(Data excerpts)
********
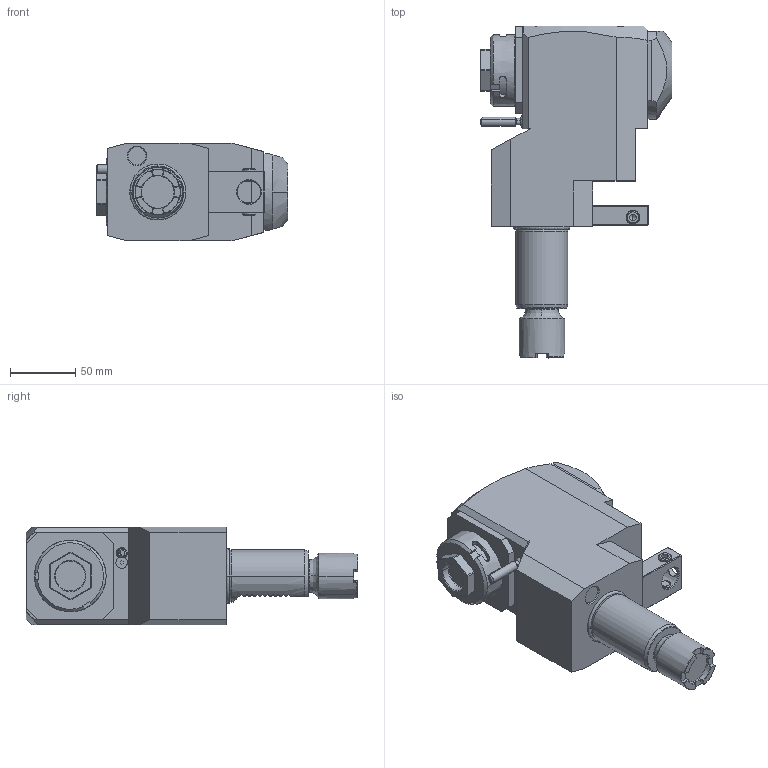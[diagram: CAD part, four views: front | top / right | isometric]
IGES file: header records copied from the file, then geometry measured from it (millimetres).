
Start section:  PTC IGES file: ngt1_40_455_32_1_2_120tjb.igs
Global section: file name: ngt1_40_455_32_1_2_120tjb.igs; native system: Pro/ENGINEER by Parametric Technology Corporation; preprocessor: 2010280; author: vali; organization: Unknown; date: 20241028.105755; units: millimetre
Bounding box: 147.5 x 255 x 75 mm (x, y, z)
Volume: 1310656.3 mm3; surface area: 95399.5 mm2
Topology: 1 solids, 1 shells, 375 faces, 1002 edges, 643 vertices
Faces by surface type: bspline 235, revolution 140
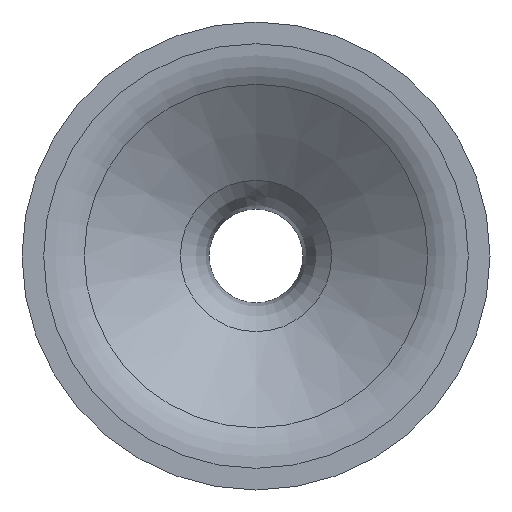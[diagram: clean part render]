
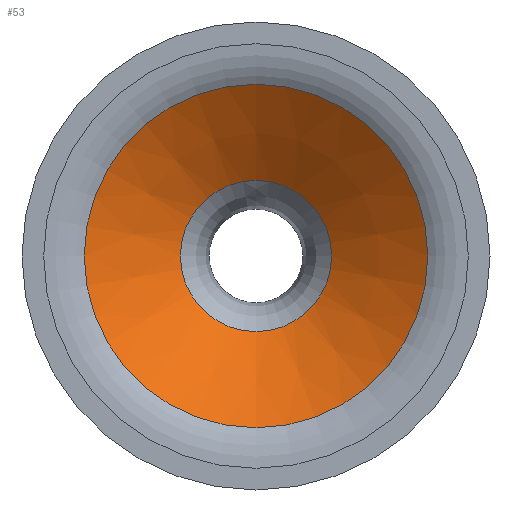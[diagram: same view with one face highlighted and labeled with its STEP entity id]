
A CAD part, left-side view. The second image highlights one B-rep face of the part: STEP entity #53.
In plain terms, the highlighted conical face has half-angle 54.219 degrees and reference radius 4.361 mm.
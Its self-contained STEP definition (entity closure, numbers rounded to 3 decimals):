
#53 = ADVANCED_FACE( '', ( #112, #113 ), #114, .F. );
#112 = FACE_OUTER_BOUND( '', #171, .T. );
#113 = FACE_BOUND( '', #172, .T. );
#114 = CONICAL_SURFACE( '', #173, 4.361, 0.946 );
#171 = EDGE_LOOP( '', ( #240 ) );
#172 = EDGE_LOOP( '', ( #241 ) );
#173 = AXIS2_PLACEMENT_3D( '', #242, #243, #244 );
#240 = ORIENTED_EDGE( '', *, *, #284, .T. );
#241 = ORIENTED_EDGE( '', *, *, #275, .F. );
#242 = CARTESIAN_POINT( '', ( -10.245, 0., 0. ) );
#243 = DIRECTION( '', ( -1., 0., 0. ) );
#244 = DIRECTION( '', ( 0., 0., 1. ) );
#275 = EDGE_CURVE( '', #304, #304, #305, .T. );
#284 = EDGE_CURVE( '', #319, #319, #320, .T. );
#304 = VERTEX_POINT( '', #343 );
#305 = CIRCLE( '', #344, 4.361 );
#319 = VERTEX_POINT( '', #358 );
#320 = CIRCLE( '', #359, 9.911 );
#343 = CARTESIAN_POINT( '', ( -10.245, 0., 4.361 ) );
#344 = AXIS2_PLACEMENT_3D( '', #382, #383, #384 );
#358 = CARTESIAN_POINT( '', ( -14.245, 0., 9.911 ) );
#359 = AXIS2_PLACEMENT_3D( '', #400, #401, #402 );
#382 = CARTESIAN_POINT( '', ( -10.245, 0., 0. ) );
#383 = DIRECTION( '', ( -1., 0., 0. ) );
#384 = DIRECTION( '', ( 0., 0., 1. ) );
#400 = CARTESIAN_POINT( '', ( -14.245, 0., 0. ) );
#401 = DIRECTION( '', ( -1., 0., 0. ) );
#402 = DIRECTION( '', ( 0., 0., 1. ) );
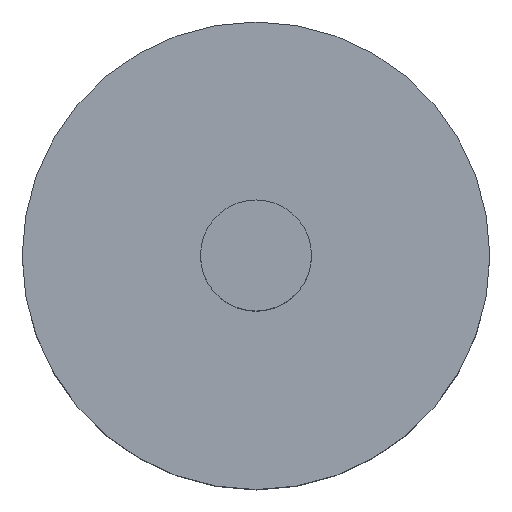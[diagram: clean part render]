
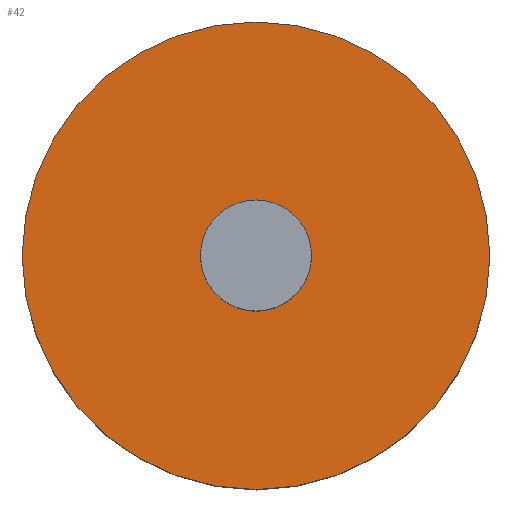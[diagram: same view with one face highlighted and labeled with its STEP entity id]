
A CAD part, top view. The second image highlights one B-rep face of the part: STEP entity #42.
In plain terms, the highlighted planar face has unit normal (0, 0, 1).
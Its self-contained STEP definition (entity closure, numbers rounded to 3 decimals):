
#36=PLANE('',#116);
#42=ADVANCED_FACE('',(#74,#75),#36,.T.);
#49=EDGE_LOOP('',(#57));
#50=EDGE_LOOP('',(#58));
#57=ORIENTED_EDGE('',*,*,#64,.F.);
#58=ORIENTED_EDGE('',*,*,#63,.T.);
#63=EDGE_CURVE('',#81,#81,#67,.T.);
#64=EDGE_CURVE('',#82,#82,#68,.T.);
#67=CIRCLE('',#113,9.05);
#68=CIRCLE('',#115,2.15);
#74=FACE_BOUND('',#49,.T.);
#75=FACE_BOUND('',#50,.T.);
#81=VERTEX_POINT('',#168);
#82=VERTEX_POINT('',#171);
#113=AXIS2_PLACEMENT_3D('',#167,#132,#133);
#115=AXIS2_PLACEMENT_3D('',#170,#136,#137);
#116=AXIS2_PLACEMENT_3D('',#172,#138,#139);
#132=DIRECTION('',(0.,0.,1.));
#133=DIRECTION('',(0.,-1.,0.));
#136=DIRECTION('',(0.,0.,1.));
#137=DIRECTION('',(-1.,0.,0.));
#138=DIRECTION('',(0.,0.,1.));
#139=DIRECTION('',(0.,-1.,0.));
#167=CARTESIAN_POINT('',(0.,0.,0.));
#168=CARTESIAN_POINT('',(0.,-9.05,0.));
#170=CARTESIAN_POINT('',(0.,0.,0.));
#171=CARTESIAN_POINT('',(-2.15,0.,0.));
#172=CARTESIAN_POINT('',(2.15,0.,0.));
********
=== TASK ===
Take the stretch of lines above from the one containing "#343 = CARTESIAN_POINT( '', ( -10.245, 0., 4.361" through the one containing "#400 = CARTESIAN_POINT( '', ( -14.245, 0., 0." and repeat it exactly, adding no other line.

=== ANSWER FOR THIS EXERCISE ===
#343 = CARTESIAN_POINT( '', ( -10.245, 0., 4.361 ) );
#344 = AXIS2_PLACEMENT_3D( '', #382, #383, #384 );
#358 = CARTESIAN_POINT( '', ( -14.245, 0., 9.911 ) );
#359 = AXIS2_PLACEMENT_3D( '', #400, #401, #402 );
#382 = CARTESIAN_POINT( '', ( -10.245, 0., 0. ) );
#383 = DIRECTION( '', ( -1., 0., 0. ) );
#384 = DIRECTION( '', ( 0., 0., 1. ) );
#400 = CARTESIAN_POINT( '', ( -14.245, 0., 0. ) );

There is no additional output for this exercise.